La conclusión es que no hay manera, los italianos siempre consiguen empatar a uno, y mandarnos a los penalties. Casillas pone todo de su parte, incluso yo acierto a meter el mío. Pero con 5-4 y la necesidad de empatar, Torres manda el cuero a las manos de Buffon y ahí acaba el sueño de los españoles, y con él mi pesadilla. Lo cierto es que alguna vez he soñado algo muy parecido, y desde entonces no consigo que esta situación se vaya de mi cabeza, mucho menos en días como éstos.
El sueño acaba aquí. Para volver a empezar mañana…Y de las más crueles artimañas que me reserva mi intelecto, en un alarde de originalidad sin precedentes, decide apresarme como el protagonista de un videojuego, condenado toda su vida a matar enemigos, coleccionar corazones y pasar de nivel.
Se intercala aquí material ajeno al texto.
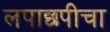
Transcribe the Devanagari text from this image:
लपाछपीचा
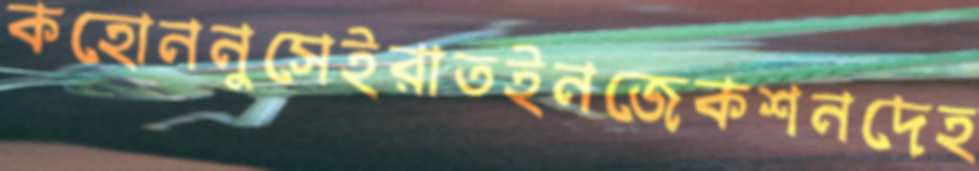
কহোননুসেইরাতইনজেকশনদেহ
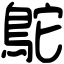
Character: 鴕
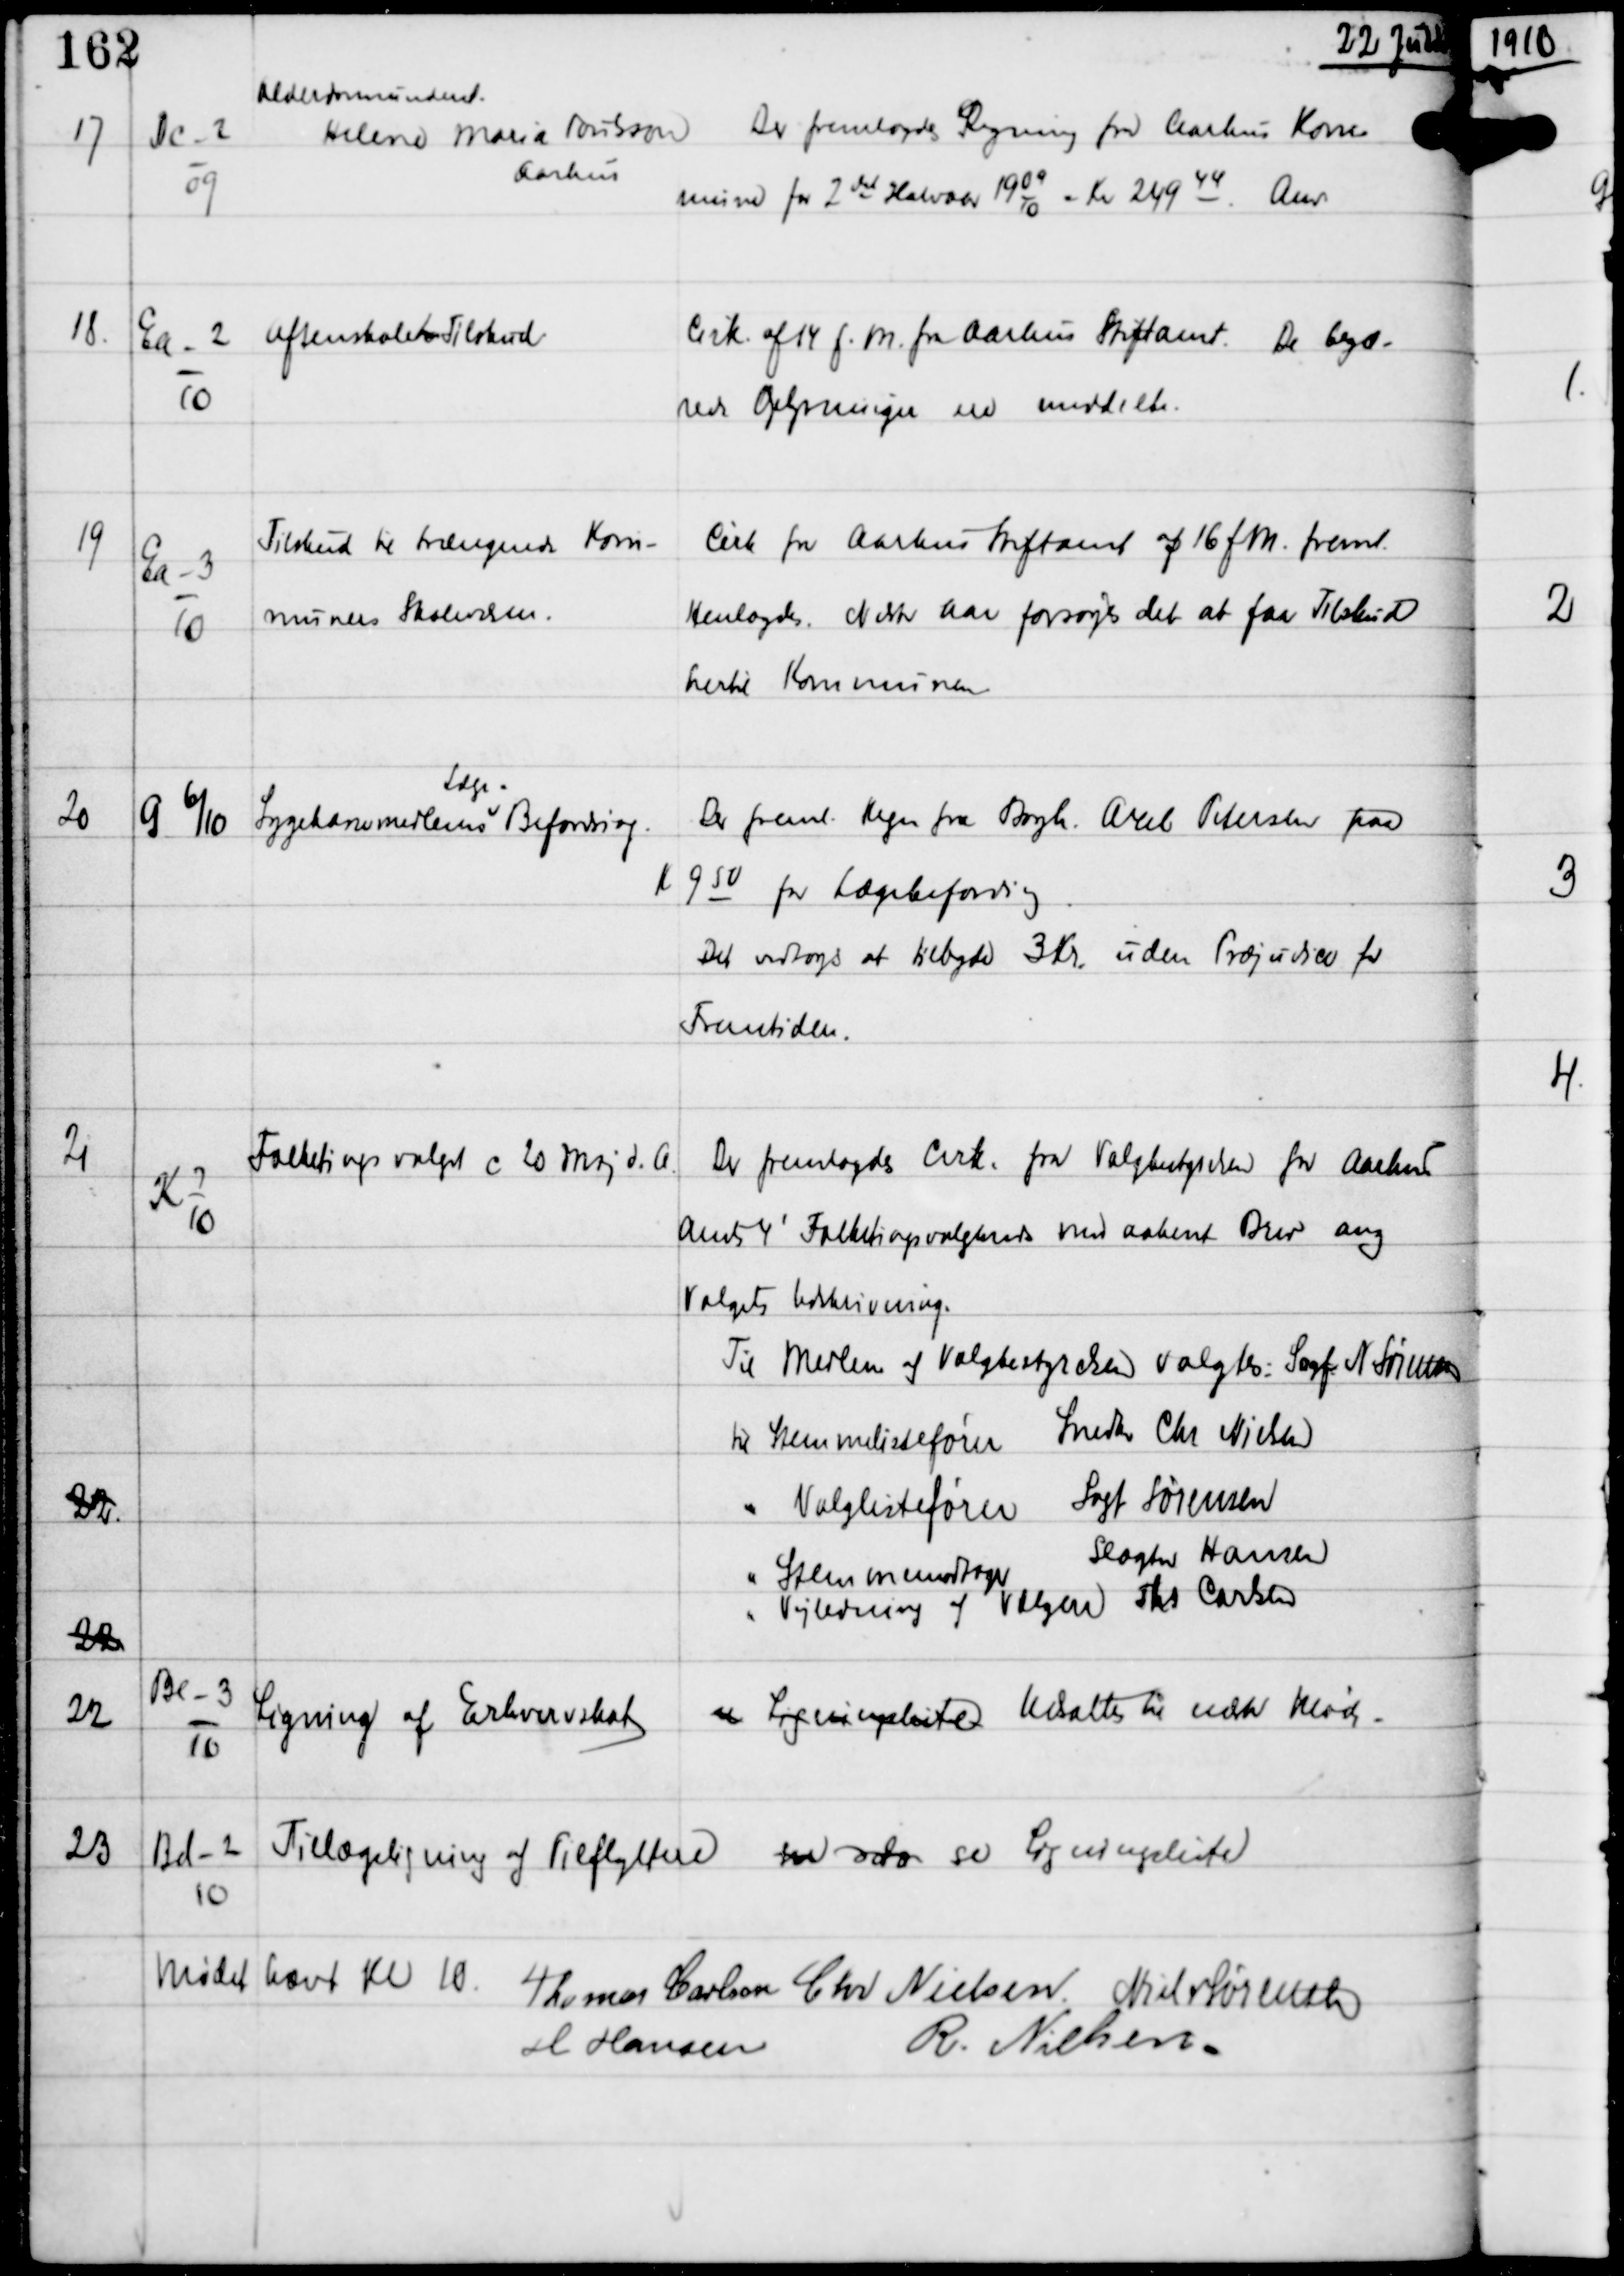
Transskription:
22 Juni

17

Dc-2
09

Alderdomsunderst
Helene Maria Porilsson
Aarhus

Der fremlagdes Regning fra Aarhus Kom-
mune for 2 det Halvaar 19
09
10
= Kr 249 44
Anv.

18.

Ea-2
10

Aftenskolernes Tilskud

Cirk af 14. f.M. fra Aarhus Stiftamt. De begæ-
rede Oplysninger ere meddelte.

19

Ea-3
10

Tilskud til trængende Kom-
muners Skolevæsen.

Cirk fra Aarhus Stiftamt af 16 f.M freml
Henlagdes.
Næste Aar forsøges det at faa Tilskud
hertil Kommunen

20

G 6/10

Sygekassemedlemmernes
Læge-
Befordring

Der freml Regn fra Røgter Axel Petersen paa
K 9 50 for Lægebefordring.
Det vedtoges at tilbyde 3 Kr uden Præjudice for
Fremtiden.

21

K 7
10

Folketingsvalget c 20 Maj d.A

Der fremlagdes Cirk. fra Valgbestyrelsen for Aarhus
Amts 4' Folketingsvalgkreds med aabent Brev ang
Valgets Udskrivning.
Til Medlem af Valgbestyrelsen valgtes: Sagf N Sørensen
til Stemmelistefører Snedker Chr Nielsen
" Valglistefører
Sagf Sørensen
" Stemmemodtager
Slagter Hansen
" Vejledning af Vælgere Ths Carlsen

22

22

22

Be-3
10

Ligning af Erhvervsskat

se Ligningsliste Udsattes til næste Møde -

23

Bd-2
10

Tillægsligning af Tilflyttere

en do se Ligningsliste

Mødet hævet Kl 10
Thomas Carlsen Chr Nielsen Niels Sørensen
H Hansen
R. Nielsen
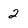
Character: 2
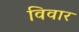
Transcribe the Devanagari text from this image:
विवार
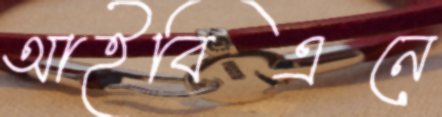
আইবিএনে
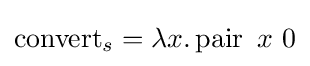
\operatorname {convert} _{s}=\lambda x.\operatorname {pair} \ x\ 0
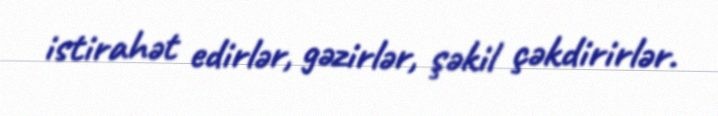
istirahət edirlər, gəzirlər, şəkil çəkdirirlər.
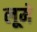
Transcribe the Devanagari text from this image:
लूमे
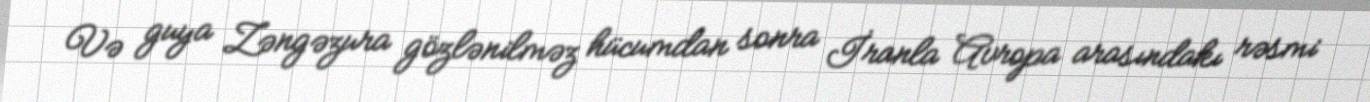
Və guya Zəngəzura gözlənilməz hücumdan sonra İranla Avropa arasındakı rəsmi
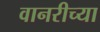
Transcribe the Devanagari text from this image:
वानरीच्या
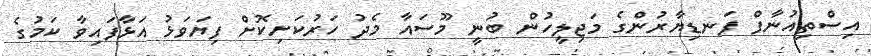
އިސްތިއުނާފް ފަނޑިޔާރުންގެ މަޖިލީހުން ބުނީ މޫސައާ މެދު ހަރުކަށިކޮށް ފިޔަވަޅު އަޅާފައިވާ ކަމުގެ
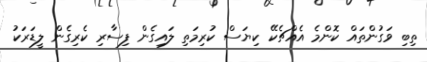
ތިބި ވަގުންތައް ކޮންމެ އެއްޗެކޭ ކިޔަސް ކުރިމަތި ލައިގެން ފިސާރި ކެރިގެން ލީޑަރަކު
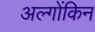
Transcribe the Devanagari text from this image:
अल्गोंकिन
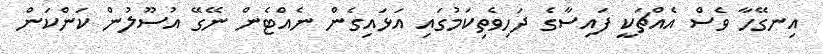
އިނގޭހާ ވެސް އެއްޗަކީ ފައިސާގެ ދަހިވެތިކަމުގައި އަޅައިގެން ނެއްޓެން ނޭގޭ އުސޫލުން ކަންކަން
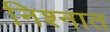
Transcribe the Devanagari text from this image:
निश्नात

Al menos las otras dos pesadillas me dejaban cierta libertad a la interacción con personas humanas, sin embargo en esta acabo rodeado de montañas animadas de píxeles, sin otra fijación que acabar con mis vidas. Esto me lleva a recorrer en innumerables ocasiones las montañas de Sonic y Mario, acumulando inservibles monedas y anillos de oro que no van a hacerme rico en ningún universo conocido, además de aplastar a toda serie de criaturas imposibles de ver en un zoológico por mucho que se empeñen los dueños en el cruce de especies.
Ojalá durase sólo un segundo…O una que me aterra en particular, la de ser el personaje principal de Harry Potter, y tener que aprenderme unos tochos insufribles para dibujar cuadrados y círculos con la varita, o para meter un montón de folios dentro de una mísera carpeta.
Puestos a elegir, y ya que en esta vida hay que aprenderse auténticos tochos para conseguir un título, prefiero el mundo actual. A punta de ratón estoy dibujando mis primeros círculos y cuadrados, incluso alguna figura que tiene cierto parecido con una persona humana. Y eso de meter los folios en la carpeta también es algo cansado, pero estoy tan acostumbrado que prefiero el método tradicional.
Mi pesadilla se convierte entonces en la realidad, estar acosado por esa espada de Damócles que son los exámenes, en los que se juzga una serie de conocimientos que quizás sólo hagas tuyos por unos días y ya no te acompañen ni te exijan más durante el resto de tu vida. En ese camino entre el abismo y la salvación me muevo en estos días, una senda que puede llevarme a acabar los estudios, y en la que tengo puesta muchas esperanzas, es por eso que me encuentro algo agobiado (sólo un poco, pero en mí ya es suficiente) en esta etapa final de mi carrera universitaria. Espero que a ustedes no les resulte tan abrumador para su mente como pasa conmigo.